"When doing analysis you are trying to understand the problem. To my mind this is not just listing requirements in use cases. ... Analysis also involves looking behind the surface requirements to come up with a mental model of what is going on in the problem. ... Some kind of conceptual model is a necessary part of software development, and even the most uncontrolled hacker does it."
Martin Fowler, Analysis Patterns: Reusable Object Models, 1996

"Inheritance was all the rage in the early days of object-oriented development. But over time, designers have discovered that inheritance is effective only within certain contexts. Composition, in tandem with interfaces … is far more common, far more generally useful, and much closer to the heart of good object-oriented design."
Peter Coad, Mark Mayfield, Jonathan Kern, Java Design: Building Better Apps and Applets, 1996

"Just as the transition from black-and-white photography to color is so profound, the transition from black-and-white modeling to color is an awesome one."
Coad, Lefebvre, De Luca, Java Modeling In Color With UML, 1999

"Object modeling addresses the 'what' of the business; its concern is only with what is to be built, never why or how. Prior to the object modeling session, a good object architect inquires about the 'why' questions, and raises a red flag if no one at the client site knows the answers. Clients not clear on their strategy are not ready to discuss what they want to build."
Jill Nicola, Mark Mayfield, Mike Abney, Streamlined Object Modeling: Patterns, Rules, and Implementation, 2001

"In reality, in even the simplest project, developers do some amount of modeling, albeit very informally. ... Even in the realm of disposable software … modeling can help the development team better visualize the plan of their system ..."
Grady Booch, James Rumbaugh, Ivar Jacobson, The Unified Modeling Language User Guide, 2005

"Use case modeling, when used in isolation and performed incorrectly, may lead to certain types of problems.... the possibility of ending up with a functional model instead of an object model. … Use cases authored by different developers may describe the same thing differently. … When domain analysis is performed in conjunction with use case modeling, it reduces the risk of a functional design. … Domain analysis pinpoints the language to be used to create textual descriptions in the use cases."
Frank Armour, Granville Miller, Advanced Use Case Modeling: Software Systems, 2001

"The fundamental reason to use UML involves communication. ... Natural language is too imprecise and gets tangled when it comes to complex concepts. Code is precise but too detailed. So I use UML when I want a certain amount of precision but I don't want to get lost in the details."
Martin Fowler, Kendall Scott, UML Distilled: A Brief Guide to the Standard Object Modeling Language, 2000

"What we don't like is needless complexity."
Richardson, Ruby, RESTful Web Services, 2000

Basic shapes and symbols of UML 2.x sequence diagrams

Basic notational constructs in UML seqeunce diagrams

Figure 1: Basic shapes and symbols of UML sequence diagrams

  1. Example objects of classes are drawn as rectangles arranged across the top of the diagram

  2. The name for the object is displayed inside each object rectangle using the format object-name:class-name. Either the object-name or the class-name section may be omitted but not both. Omitting the object name is common. The object-name is only necessary when two different objects of the the same class participate in the sequence in different ways. Omitting the class section is not particularly useful in practice. Strictly speaking, the separating colon character is required unless the the class name is omitted, but in practice, when sketching sequence diagrams, it is often also left out when the object name is  omitted.

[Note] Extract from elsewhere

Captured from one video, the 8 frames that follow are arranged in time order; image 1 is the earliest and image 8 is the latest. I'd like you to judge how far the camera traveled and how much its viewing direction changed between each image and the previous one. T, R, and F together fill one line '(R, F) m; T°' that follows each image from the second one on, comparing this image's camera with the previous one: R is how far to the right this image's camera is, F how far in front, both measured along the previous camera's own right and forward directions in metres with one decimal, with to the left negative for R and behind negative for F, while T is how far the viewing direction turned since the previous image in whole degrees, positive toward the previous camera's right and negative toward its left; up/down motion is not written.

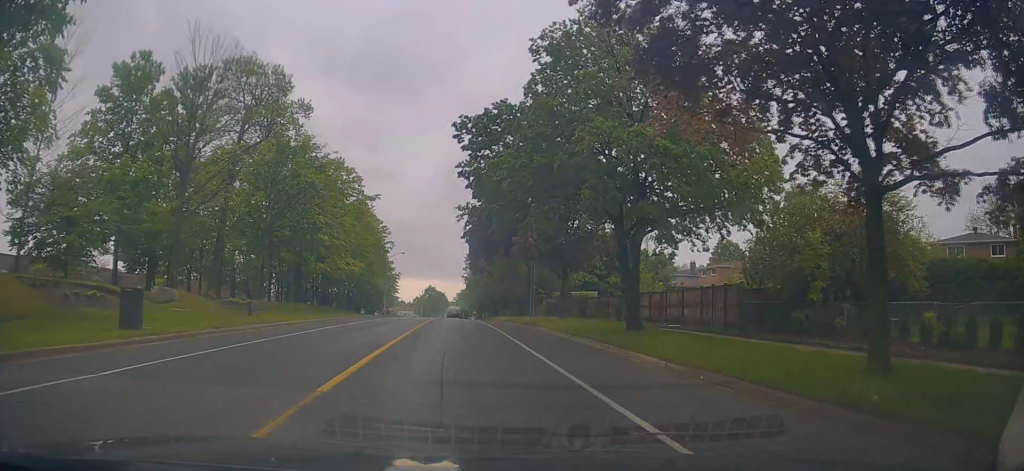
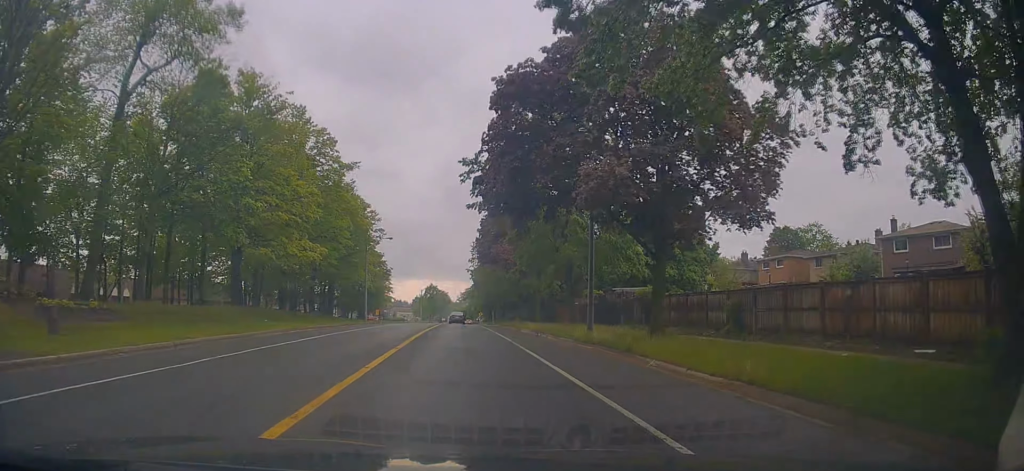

  3. Lifelines are drawn as dashed lines vertically down the page beneath each object.

  4. Messages representing the calling of operations are drawn as solid lines with a solid arrowhead from the calling object to the called object (the object whose type defines the operation being invoked). The name of the operation is written above the line and may be followed by a list of parameters for that call.

  5. The sequence of operation calls progresses from the top of the page downwards. The messages are also numbered in sequence using a decimal numbering scheme.

  6. A thin rectangle drawn on the lifeline indicates the execution scope of the called operation. All operation calls possible as part of the execution of an operation are drawn in order from this rectangle. Officially these rectangles are called execution specifications. When sketching sequences it is common to leave out the execution specification rectangles.

  7. Calls back to an object or calls to other operations defined for the object (self-calls or calls to 'this') are drawn as indented execution specification rectangles.

  8. Calls that create an instance of an object are drawn as dashed lines with a stick arrowhead. The object's rectangle is also dropped down from the top of the diagram to the point where he call is made so that the dashed line connects to the rectangle instead of its dashed lifeline.

  9. Destroying an object is shown by a message line drawn to the object being destroyed and an X symbol being added to the object's lifeline immediately afterwards. Take care when using this notation to ensure that it is clear whether the object is being erased from persistent storage (database or file system) or simply removed from memory.

  10. Arbitrary notes are displayed as text within a rectangle with a fold in the top right-hand corner. Notes are linked to their subjects by optional dashed lines without any arrowheads.